VM Universe (VMU) tests

These are OSG Software's automated tests, which run in VMs powered by HTCondor's VM universe. Each run tests installation and/or upgrades of the listed software, using the OSG-Test test suite of integration tests.

Even if there are no functionality tests for your package in OSG-Test, you should run the VMU tests to validate the RPM installation and upgrade process.

Make sure you meet the pre-requisites required to submit VM Universe jobs on osgsw-ap.chtc.wisc.edu. If you do not have permission to submit VMU runs, mention "@Software and Release" on the Jira ticket and a Software Team member will run the tests for you.

After that's done, prepare the test suite with a comment describing the test run. For example, if you were testing a new htcondor-ce package:

osg-run-tests 'Testing htcondor-ce-3.2.1-1 (SOFTWARE-####)'

After you cd into the directory specified in the output of the previous command, you will need to edit the *.yaml files in parameters.d to reflect the tests that you will want to run, i.e. clean installs, upgrade installs and upgrade installs between OSG versions.

Once you're satisfied with your list of parameters, submit the dag:

./master-run.sh

Promoting a Package to Testing

Once development and development testing is complete, the final OSG Software step is to promote the package(s) to our testing repositories. After that, the Release team takes over with acceptance testing and ultimately release. Of course if they discover problems, the ticket(s) will be returned to OSG Software for further development, essentially restarting the development cycle.

Preparing a Good Promotion Request

Developers must obtain permission from the OSG Software manager to promote a package from development to testing. A promotion request goes into at least one affected Jira ticket and will be answered there as well. Below are some tips for writing a good promotion request:

  • Make sure that relevant information about goals, history, and resolution is in the associated ticket(s)
  • List the NVRs of the builds to be promoted, as well as the tags they will be promoted into. If a version was not built for a particular platform, mention why not.
  • Link to the results page of the VMU tests. Make sure the tests actually installed the version to be promoted. Explain any failures.
  • If you ran manual tests, summarize your tests and findings, and explain any failures.

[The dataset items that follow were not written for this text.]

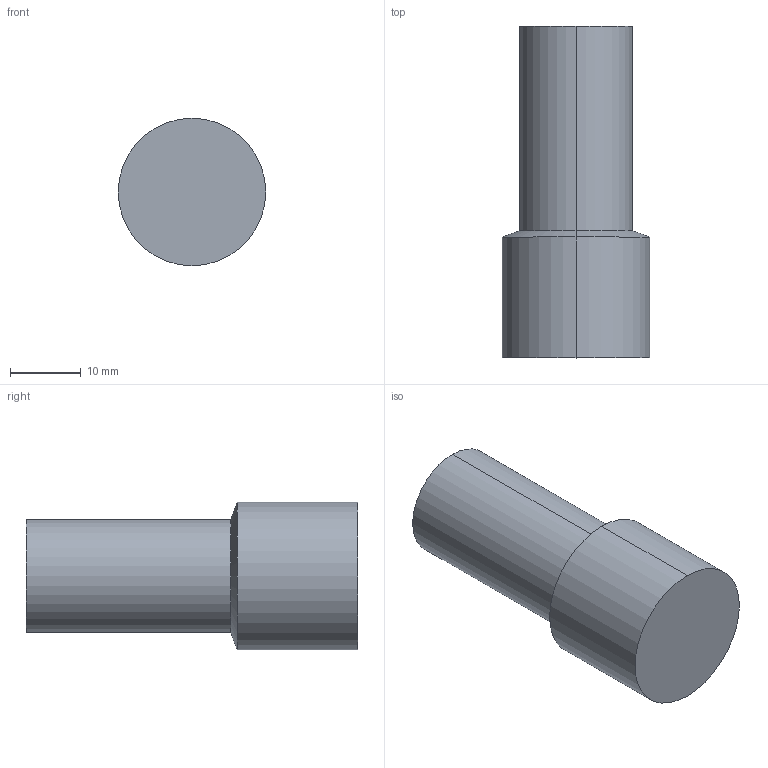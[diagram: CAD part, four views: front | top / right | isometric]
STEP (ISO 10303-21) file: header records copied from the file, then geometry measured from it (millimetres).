
FILE_DESCRIPTION (( 'STEP AP214' ), '1' );
FILE_NAME ('KQ2P-16.step.step', '2017-09-14T13:08:26', ( 'Windows User' ), ( '' ), 'SwSTEP 2.0', 'SolidWorks 2017', '' );
FILE_SCHEMA (( 'AUTOMOTIVE_DESIGN' ));
Length unit declared in the file: millimetre
Products named in the file (2): KQ2P-16.step; KQ2P-16.step_KQ2P_16
Assembly tree (1 placements, depth 2):
  KQ2P-16.step
    KQ2P-16.step_KQ2P_16
Bounding box: 20.9 x 47 x 20.9 mm (x, y, z)
Volume: 11939.9 mm3; surface area: 3276.3 mm2
Topology: 1 solids, 1 shells, 8 faces, 14 edges, 8 vertices
Faces by surface type: cylinder 4, cone 2, plane 2
Entity records: 260 total; most frequent: DIRECTION 46, CARTESIAN_POINT 34, ORIENTED_EDGE 28, AXIS2_PLACEMENT_3D 20, EDGE_CURVE 14, EDGE_LOOP 8, VERTEX_POINT 8, ADVANCED_FACE 8

For example (hypothetical promotion request for XRootD):

VMU test results are at <LINK TO TEST RESULTS PAGE>; tests passed except for StashCache tests on EL10 because the package is not available on that platform. I tested turning on the new knob in a container and was able to pull a file from the server successfully. @Software and Release, permission to promote xrootd-5.9.9-9 to 24-main-testing and 25-main-testing?

Promoting

Follow these steps to request promotion, promote a package, and note the promotion in JIRA:

  1. Make sure the package update has at least one associated Jira ticket; if there is no ticket, create one for releasing the package(s).
  2. Obtain permission to promote the package(s) from one of the Software Team members, by mentioning "@Software and Release" in the Jira ticket.
  3. Use osg-promote to promote the package(s) from development to testing
  4. Comment on the associated Jira ticket(s) with osg-promote's Jira-formatted output (or at least the build NVRs) and, if you know, suggestions for acceptance testing.
  5. Update the Jira ticket description with a short blurb about the important changes in the new version vs. the old version, so it can be used in the release notes.
  6. Mark the Jira ticket for the package as “Ready For Testing”; tickets related to this version (e.g. for specific changes) should also be marked “Ready For Testing”.